Texas law has not favored the creation of joint ownership
with right of survivorship (“ROS”) for a variety of historical reasons.
Executors of a deceased’s estate are often left to wonder – is this joint
account non-testamentary (in other words, not an asset of the probate estate
subject to the executor’s control) because it meets the requirements for a
right of survivorship under Texas law?
Financial institutions can be reluctant to pay on these joint accounts
prior to some form of probate, which prevents the co-owner(s) from having
access to funds needed to pay their bills.
So much for careful estate planning to minimize probate
assets!
Chapter XI of the Texas Probate Code deals with
non-testamentary transfers, with particular attention to multi-party accounts
and survivorship rights. One of the first things you should try to obtain is a
copy of the account agreement. Look to see if it uses language such as “on the
death of one party, all sums belong to the surviving party as his or her
separate property and estate.” Tex.
Prob. Code § 439. Reliance on the name of the account, alone, is usually
insufficient to create survivorship rights.
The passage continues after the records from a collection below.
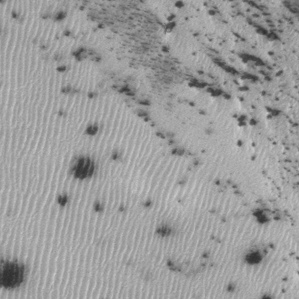
Label: frost
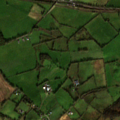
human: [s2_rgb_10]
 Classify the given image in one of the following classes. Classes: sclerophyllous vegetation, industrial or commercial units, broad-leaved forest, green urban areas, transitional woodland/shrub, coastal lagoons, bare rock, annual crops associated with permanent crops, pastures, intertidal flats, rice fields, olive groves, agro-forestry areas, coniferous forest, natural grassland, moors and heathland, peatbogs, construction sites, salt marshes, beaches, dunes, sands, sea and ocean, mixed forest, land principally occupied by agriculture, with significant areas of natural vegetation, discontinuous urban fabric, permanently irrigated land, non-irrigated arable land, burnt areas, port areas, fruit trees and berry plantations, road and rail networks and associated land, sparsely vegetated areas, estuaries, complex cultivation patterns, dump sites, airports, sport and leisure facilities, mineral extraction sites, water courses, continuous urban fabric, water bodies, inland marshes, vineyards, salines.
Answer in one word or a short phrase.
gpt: non-irrigated arable land, pastures, peatbogs
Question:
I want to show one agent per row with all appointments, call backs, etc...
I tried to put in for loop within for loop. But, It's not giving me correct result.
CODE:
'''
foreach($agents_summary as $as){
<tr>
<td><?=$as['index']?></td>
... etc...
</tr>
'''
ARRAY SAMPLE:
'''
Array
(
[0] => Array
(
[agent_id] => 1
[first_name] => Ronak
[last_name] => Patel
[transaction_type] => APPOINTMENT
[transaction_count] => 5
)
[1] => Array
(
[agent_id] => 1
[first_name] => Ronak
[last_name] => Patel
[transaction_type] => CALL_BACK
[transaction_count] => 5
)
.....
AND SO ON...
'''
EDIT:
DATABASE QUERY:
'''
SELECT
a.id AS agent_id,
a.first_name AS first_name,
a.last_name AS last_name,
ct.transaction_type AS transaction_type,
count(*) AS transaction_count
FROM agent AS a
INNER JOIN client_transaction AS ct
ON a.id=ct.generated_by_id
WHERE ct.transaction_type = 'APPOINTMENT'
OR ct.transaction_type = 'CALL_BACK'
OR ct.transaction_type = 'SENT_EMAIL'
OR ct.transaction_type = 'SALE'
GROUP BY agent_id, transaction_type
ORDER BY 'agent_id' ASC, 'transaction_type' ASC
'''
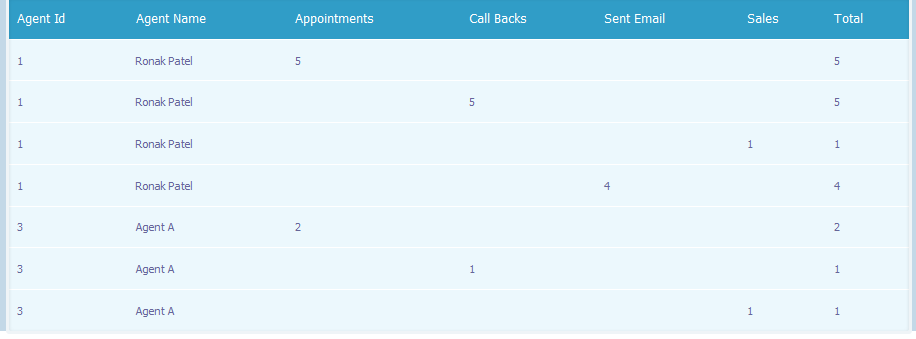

In addition, you may want to check the account agreement
against the proposed “Uniform Single-Party or Multiple-Party Account Form”
described in section 439A of the Texas Probate Code. Banks and other financial
institutions which utilize this form, or something substantially similar to it,
are protected from most claims that could be brought by a deceased’s estate,
personal representative, beneficiaries or heirs if they rely on the
“survivorship” provisions to pay remaining sums to the joint owner(s).